Los estadounidenses, en un número entre 3.500 y 5.000, procedían de los ejércitos de Kentucky, Tennessee, Mississippi, de las milicias de Louisiana, de la tribu de los indios Choctaw y, por último, de las milicias creoles. 

Unos días antes de que la batalla comenzara, Jean Lafitte se personó en Nueva Orleans, aun sabiendo que allí era persona non grata y que podía ser detenido y encerrado. Contactó con el general Andrew Jackson y le reiteró su intención de luchar con todos sus barcos y sus hombres contra los británicos. 
El general no tomó ninguna decisión y llegó el 23 de diciembre de 1814 y la contienda comenzó.
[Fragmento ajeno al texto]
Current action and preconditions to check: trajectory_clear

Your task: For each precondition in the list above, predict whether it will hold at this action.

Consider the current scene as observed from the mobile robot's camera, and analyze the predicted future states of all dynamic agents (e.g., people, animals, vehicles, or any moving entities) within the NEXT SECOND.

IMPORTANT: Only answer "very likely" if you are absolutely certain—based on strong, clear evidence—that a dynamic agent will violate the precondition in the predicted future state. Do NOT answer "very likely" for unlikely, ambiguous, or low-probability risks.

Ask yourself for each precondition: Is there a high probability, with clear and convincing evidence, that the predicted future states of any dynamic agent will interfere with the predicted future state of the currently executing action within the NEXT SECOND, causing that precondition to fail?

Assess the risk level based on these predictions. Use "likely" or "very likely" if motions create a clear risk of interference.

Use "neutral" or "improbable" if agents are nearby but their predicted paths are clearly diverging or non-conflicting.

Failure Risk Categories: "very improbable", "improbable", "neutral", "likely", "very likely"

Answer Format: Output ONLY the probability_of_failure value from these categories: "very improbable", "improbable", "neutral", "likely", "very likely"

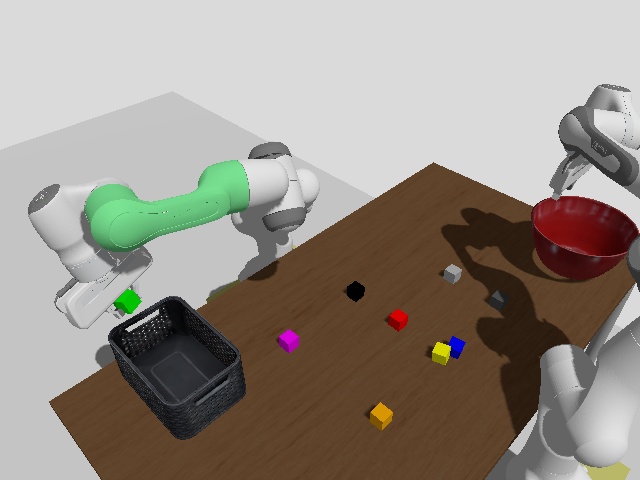

Answer: very improbable

En sus primeros días las fuerzas británicas consiguieron traspasar las primeras líneas de defensa americanas. Jackson pensó en Lafitte, y después de una serie de complejas negociaciones en las que se vieron envueltos miembros importantes de la legislatura de Louisiana y un juez federal, Lafitte fue escoltado al edificio donde estaba ubicado el cuartel general de Jackson. Para su sorpresa no fue tratado como un vulgar y desesperado pirata, sino que fue recibido con la cortesía propia de un “gentleman”.

Los “baratarianos” acordaron organizarse en dos destacamentos de artillería, uno bajo el mando de Dominique You y el otro bajo las órdenes del primo de Lafitte, Renato Beluche. Lafitte fue nombrado ayuda de campo no oficial de Andrew Jackson. 
El 8 de enero de 1815, la batalla terminó con la victoria de las fuerzas americanas. El 21, las tropas victoriosas marcharon en formación seis millas, desde el campo de batalla hasta Nueva Orleans. Entre ellos estaban, Jean y Pierre Lafitte y todos sus hombres que fueron aclamados como héroes por todos los ciudadanos que presenciaban la parada. 
El 6 de febrero, el presidente Madison realizó una proclama perdonando a Lafitte y a todos los “baratarianos” que habían luchado junto a la Armada Norteamericana. Lo que no consiguió el ahora “gentleman” fue que le devolvieran las tierras de la Bahía de Barataria. 

Jean Lafitte se asentó a 590 kilómetros de Nueva Orleans, junto a unos 500 hombres, en la ciudad de Galveston ubicada al noroeste del Golfo de México y perteneciente entonces al estado de México. En este enclave se pierden las huellas de Jean Lafitte o, dicho de otra manera, todo barco que era apresado por piratas o corsarios en las mencionadas aguas era atribuido a Lafitte. En el año 1818, un devastador huracán asoló Galveston sepultado, si la hubiere, cualquier pista o huella del corsario. 

Alrededor de 1950 apareció una autobiografía atribuida presuntamente a Lafitte que, sin duda, podría haber esclarecido la mayor parte de su existencia, pero para ello era primordial que se certificara que ese manuscrito era original suyo y ni siquiera en eso se pusieron de acuerdo los expertos. El documento se encuentra en el Sam Houston Regional Library and Research Center de Liberty”, Texas, a la espera de que nuevas evidencias puedan resolver de una vez por todas el enigma que rodeó y rodea a este legendario personaje. 

Jean Lafitte, para una parte de los estudiosos, fue un pirata, un asesino y un villano sin escrúpulos. Otros lo consideran un gran patriota, un hombre incomprendido, un caballeroso forajido, alguien que operó según la legalidad vigente, entendiendo con ello que poseyó “Patente de Corso”. A los habitantes de Nueva Orleans les tiene sin cuidado la opinión de los estudiosos, biógrafos e historiadores, y si se ponen o no de acuerdo. Para ellos, Jean Lafitte fue “su héroe” y lo sigue siendo.